I really do not understand the Unique Readability Theorem proof (in Enderton's book). The proof essentially goes that we have wffs $\alpha, \beta, \gamma, \delta$, and that if we assume $(\alpha \wedge \beta) = (\gamma \wedge \delta)$ then by deleting the first parenthesis on both sides of the equality, i.e. $\alpha \wedge \beta) = \gamma \wedge \delta)$, that this forces $\alpha = \gamma$, because otherwise $\alpha$ might be a proper initial segment of $\gamma$. But isn't it possible that $\alpha$ is something completely different from $\gamma$, i.e. $\alpha = (X), \gamma = (Y)$, so why is $\alpha$ forced to equal $\gamma$? I must be missing something, but I don't really get what.

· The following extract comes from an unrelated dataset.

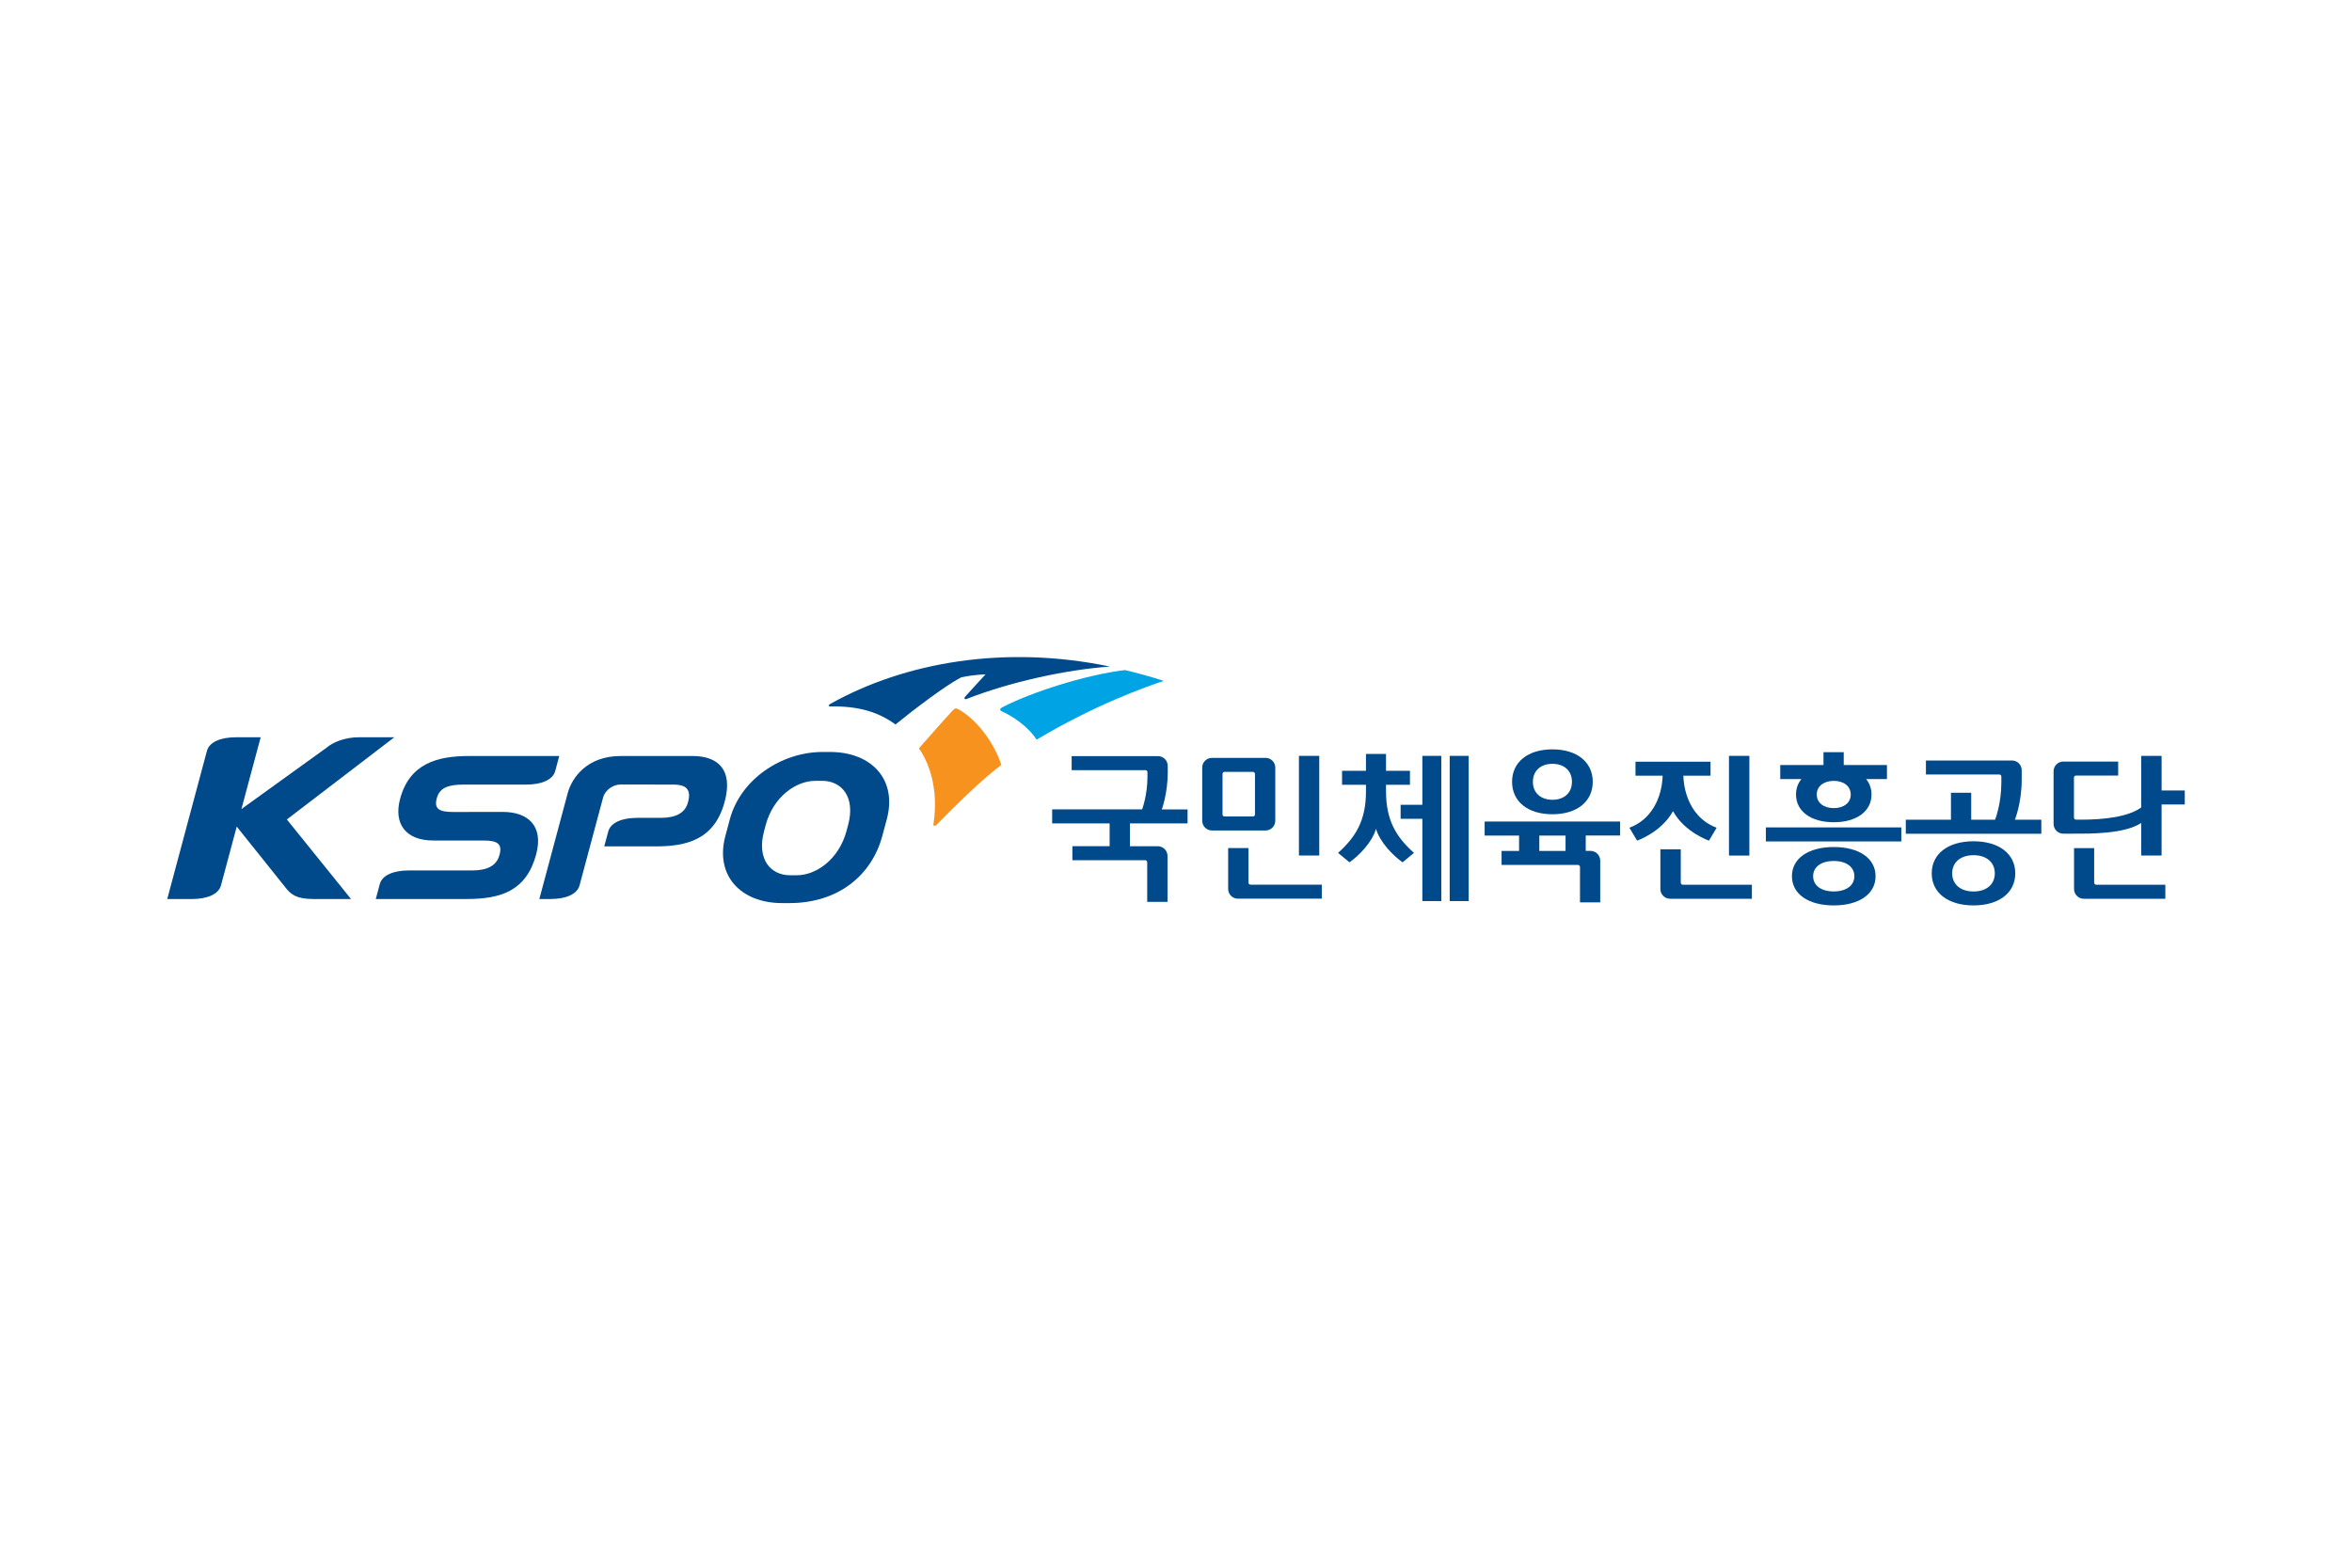 <svg xmlns="http://www.w3.org/2000/svg" id="_&#xB808;&#xC774;&#xC5B4;_1" data-name="&#xB808;&#xC774;&#xC5B4; 1" viewBox="0 0 900 600"><defs><style>      .cls-1 {        fill: #00a4e4;      }      .cls-2 {        fill: #f6921d;      }      .cls-3 {        fill: #004a8b;      }    </style></defs><g><rect class="cls-3" x="554.73" y="289.29" width="7.26" height="55.58"></rect><polygon class="cls-3" points="544.27 308.02 535.95 308.02 535.95 313.38 544.27 313.38 544.27 344.87 551.53 344.87 551.53 289.29 544.27 289.29 544.27 308.02"></polygon><path class="cls-3" d="M530.36,302.96v-2.59h9.16v-5.37h-9.16v-6.45h-7.67v6.45h-9.15v5.37h9.15v2.59c0,11.09-3.98,17.48-10.68,23.46l4.37,3.62c3.86-2.77,8.63-7.66,10.15-12.81,1.5,5.05,6.31,10.04,10.16,12.81l4.37-3.62c-6.71-5.98-10.69-12.37-10.69-23.46Z"></path><path class="cls-3" d="M687.25,304.09c0,6.48,5.8,10.61,14.44,10.61s14.45-4.13,14.45-10.61c0-2.31-.74-4.3-2.06-5.92h7.97v-5.37h-16.54v-4.93h-7.75v4.93h-16.54v5.37h8.09c-1.33,1.62-2.06,3.61-2.06,5.92ZM701.69,298.86c3.8,0,6.5,2.03,6.5,5.23s-2.7,5.2-6.5,5.2-6.5-2.03-6.5-5.2,2.68-5.23,6.5-5.23Z"></path><rect class="cls-3" x="675.71" y="316.67" width="51.84" height="5.37"></rect><path class="cls-3" d="M701.69,324.18c-9.72,0-16,4.35-16,11.17s6.28,11.18,16,11.18,16-4.35,16-11.18-6.3-11.17-16-11.17ZM701.69,341.18c-4.79,0-7.89-2.27-7.89-5.83s3.1-5.83,7.89-5.83,7.89,2.28,7.89,5.83-3.11,5.83-7.89,5.83Z"></path><path class="cls-3" d="M594.04,311.64c9.37,0,15.43-4.84,15.43-12.42s-6.06-12.42-15.43-12.42-15.44,4.83-15.44,12.42,6.06,12.42,15.44,12.42ZM594.04,292.34c4.53,0,7.47,2.68,7.47,6.88s-2.94,6.88-7.47,6.88-7.47-2.69-7.47-6.88,2.94-6.88,7.47-6.88Z"></path><path class="cls-3" d="M568.11,319.79h13.17v5.88h-6.7v5.37h29.23c.43,0,.78.33.78.77v13.56h7.74v-15.99c0-2.05-1.67-3.72-3.73-3.72h-1.81v-5.88h13.15v-5.36h-51.84v5.36ZM589.02,319.79h10.04v5.88h-10.04v-5.88Z"></path><rect class="cls-3" x="661.6" y="289.29" width="7.8" height="38.16"></rect><path class="cls-3" d="M640.18,310.45c4.52,8.18,13.77,11.28,13.77,11.28l2.93-4.93c-11.99-4.54-12.71-17.66-12.73-19.91h10.39v-5.36h-28.71v5.36h10.38c-.02,2.25-.73,15.36-12.71,19.91l2.93,4.93s9.24-3.11,13.75-11.28Z"></path><path class="cls-3" d="M643.15,337.83v-12.77h-7.8v15.19c0,2.06,1.66,3.73,3.73,3.73h31.29v-5.37h-26.44c-.43,0-.78-.35-.78-.78Z"></path><path class="cls-3" d="M755.17,321.98c-9.7,0-15.99,4.78-15.99,12.27s6.29,12.28,15.99,12.28,15.98-4.78,15.98-12.28-6.28-12.27-15.98-12.27ZM755.17,341.2c-4.94,0-8.16-2.71-8.16-6.95s3.22-6.94,8.16-6.94,8.15,2.7,8.15,6.94-3.21,6.95-8.15,6.95Z"></path><path class="cls-3" d="M773.61,298.36v-3.58c0-2.06-1.67-3.72-3.73-3.72h-32.92v5.37h28.08c.42,0,.78.34.78.78v2.33c0,8.13-2.39,14.19-2.39,14.19h-9.14v-10.32h-7.75v10.32h-17.28v5.36h51.86v-5.36h-10.13c-.02.09,2.62-6.24,2.62-15.36Z"></path><path class="cls-3" d="M827.14,302.55v-13.26h-7.8v19.75c-4.87,3.55-13.95,4.67-23,4.67h-1.95c-.43,0-.78-.35-.78-.78v-15.33c0-.42.34-.77.78-.77h16.14v-5.36h-21c-2.05,0-3.72,1.67-3.72,3.72v20.16c0,2.06,1.67,3.72,3.72,3.72h4.13c5.43,0,19.12.23,25.68-4.09v12.46h7.8v-19.54h8.87v-5.36h-8.87Z"></path><path class="cls-3" d="M801.34,337.83v-13.23h-7.7v15.65c0,2.06,1.67,3.73,3.73,3.73h31.2v-5.37h-26.44c-.43,0-.78-.35-.78-.78Z"></path><rect class="cls-3" x="497.04" y="289.29" width="7.78" height="38.14"></rect><path class="cls-3" d="M446.84,295.56v-2.43c0-2.06-1.67-3.73-3.72-3.73h-33.05v5.36h28.23c.43,0,.77.35.77.77v1.89c0,6.95-2.04,12.35-2.04,12.35h-34.42v5.36h21.99v8.73h-14.25v5.36h27.85c.43,0,.78.35.78.78v15.17h7.77v-17.58c0-2.06-1.66-3.72-3.73-3.72h-10.64v-8.73h22.04v-5.36h-9.85s2.27-6.12,2.27-14.22Z"></path><path class="cls-3" d="M477.73,337.82v-13.24h-7.77v15.65c0,2.06,1.67,3.72,3.72,3.72h0s32.11,0,32.11,0v-5.37h-27.28c-.43,0-.78-.34-.78-.77Z"></path><path class="cls-3" d="M487.99,314.13v-20.35c0-2.06-1.66-3.72-3.72-3.72h-20.51c-2.06,0-3.73,1.66-3.73,3.72v20.35c0,2.06,1.67,3.72,3.73,3.72h20.51c2.06,0,3.72-1.67,3.72-3.72ZM480.22,311.72c0,.43-.34.77-.77.77h-10.87c-.42,0-.78-.34-.78-.77v-15.52c0-.43.35-.77.78-.78h10.87c.42.01.77.35.77.78v15.52Z"></path></g><g><g><path class="cls-3" d="M264.89,289.35h-27.42c-12.81,0-18.63,8.27-20.23,14.2l-10.86,40.53h4.23c5.86,0,10.13-1.78,11.12-5.09,2.27-8.44,6.77-25.23,9.03-33.68.89-3.28,4.22-5.04,6.51-5.04,7.38,0,20.09.01,20.09.01,3.49,0,7.77.56,5.84,6.99-1.08,3.82-4.52,5.74-10.28,5.74h-8.99c-5.93,0-10.27,1.82-11.18,5.23l-1.54,5.7h19.53c12.04,0,22.65-2.54,26.56-17.09,3.3-12.31-2.52-17.51-12.41-17.51Z"></path><path class="cls-3" d="M317.59,287.8h-2.79c-15.8,0-31.43,10.47-35.52,25.74l-1.7,6.36c-4.1,15.26,5.92,25.74,21.73,25.74h2.79c18.51,0,31.44-10.48,35.53-25.74l1.71-6.36c4.09-15.27-5.93-25.74-21.74-25.74ZM324.52,315.79l-.6,2.25c-2.95,10.98-11.73,16.94-18.95,16.94h-2.72c-7.21,0-12.83-5.96-9.86-16.94l.6-2.25c2.94-10.99,11.73-16.94,18.95-16.94h2.72c7.21,0,12.81,5.95,9.87,16.94Z"></path><path class="cls-3" d="M150.91,282.17h-13.47c-5.49,0-9.98,1.87-12.5,4.01l-32.56,23.47c2.61-9.71,5.16-19.25,7.37-27.48h-9.41c-5.83,0-10.1,1.77-11.11,5.05l-15.24,56.87h9.38c5.93,0,10.27-1.82,11.18-5.22v.03c1.89-7.04,3.95-14.75,6.04-22.54l18.83,23.54c1.84,2.29,3.87,4.18,10.52,4.18h14.38l-24.55-30.45,41.14-31.47Z"></path><path class="cls-3" d="M192.46,310.75l-19.01.02c-5.16,0-7.57-1.03-6.25-5.45,1.08-3.8,4.33-5.03,10.09-5.03h24.01c5.93,0,10.25-1.82,11.17-5.22l1.53-5.72h-34.53c-12.03,0-22.72,2.77-26.37,16.4-2.54,9.46,2.08,15.99,12.81,15.94h19c5.3,0,7.53,1.14,6.16,5.73-1.08,3.81-4.51,5.72-10.28,5.72h-24.29c-5.93,0-10.26,1.82-11.17,5.22l-1.54,5.72h34.82c13.02,0,22.8-3.09,26.56-17.08,2.95-11.05-3.32-16.25-12.72-16.25Z"></path></g><g><path class="cls-2" d="M367,271.59c-1.08-.62-1.56-.63-2.45.32-3.51,3.79-9.76,10.91-12.92,14.49,4.26,6.14,7.45,16.02,5.61,28.67h0c-.26.86.28,1.44,1.05.67h-.01c7.98-8.07,16.89-16.94,24.88-22.99-3.18-9.68-10.2-17.75-16.17-21.16Z"></path><g><path class="cls-3" d="M317.5,269.51c-.43.24-.43.87,0,.87,11.33-.26,18.89,2.32,25.17,6.9,7.16-5.85,19.27-15.02,25.16-18.05,2.32-.56,6.48-1.05,9.29-1.14-2.45,2.63-5.9,6.46-7.87,8.62-.51.56,0,1.05.59.82,16.08-6.32,37.45-11.17,54.87-12.42-39.75-8.3-78.22-1.9-107.21,14.41Z"></path><path class="cls-1" d="M430.5,256.45c-15.48,1.86-36.21,8.67-46.77,14.15-1.48.77-1.19,1.31-.08,1.81,3.44,1.54,9.56,5.33,13.01,10.68,22.73-13.56,42.07-20.28,48.64-22.5-4.89-1.6-10.05-3.01-14.81-4.14Z"></path></g></g></g></svg>

EDIT: In fact, couldn't we let $\alpha = (X), \beta = (Y), \gamma = (Y), \delta = (X)$ and have the equality still hold?
See Herbert Enderton, A Mathematical Introduction to Logic (2nd ed - 2001).
The Unique Readibility Theorem [page 40] says that for any formula $\varphi$, its immediate predecessors (that are well-formed formulae !) are uniquely determined.
This means that each formula, written without "colloquialisms" : e.g. as $(\alpha \land \beta)$ and not $\alpha \land \beta$, is "built-up from the set of sentence symbols by the five operations in a unique way.
Consider the formula $\varphi$ and assume that we can decompose it in two different way :
Consider the cases :
(i) $\alpha$ and $\gamma$ are different.
Both $\alpha$ and $\gamma$ are proper initial segments of $\varphi$ (i.e. initial substrings of $\varphi$); thus, one must be a proper initial segment of the other.
Then, say, $\alpha$ is a proper initial segment of $\gamma$ (of course, $\alpha$ is nonempty : otherwise our $\varphi$ is $(\land \beta)$, that it is not well-formed).
By Lemma 13B [page 30], being a proper initial segment of the wff $\gamma$, $\alpha$ has more left brackets than right ones; but $\alpha$ is also a wff and thus, by Lemma 13A [page 30], it has the same number of left and right brackets. Impossible!
The other case, $\gamma$ being a proper initial segment of $\alpha$ instead, is equally impossible.
(ii) If $\alpha$ and $\gamma$ match, this forces $\beta$ and $\delta$ to be the same string, since the strings $(\alpha \land \beta)$ and $(\gamma \land \delta)$ are the same, and it's okay again.
Having answered "no" in all cases, we are done.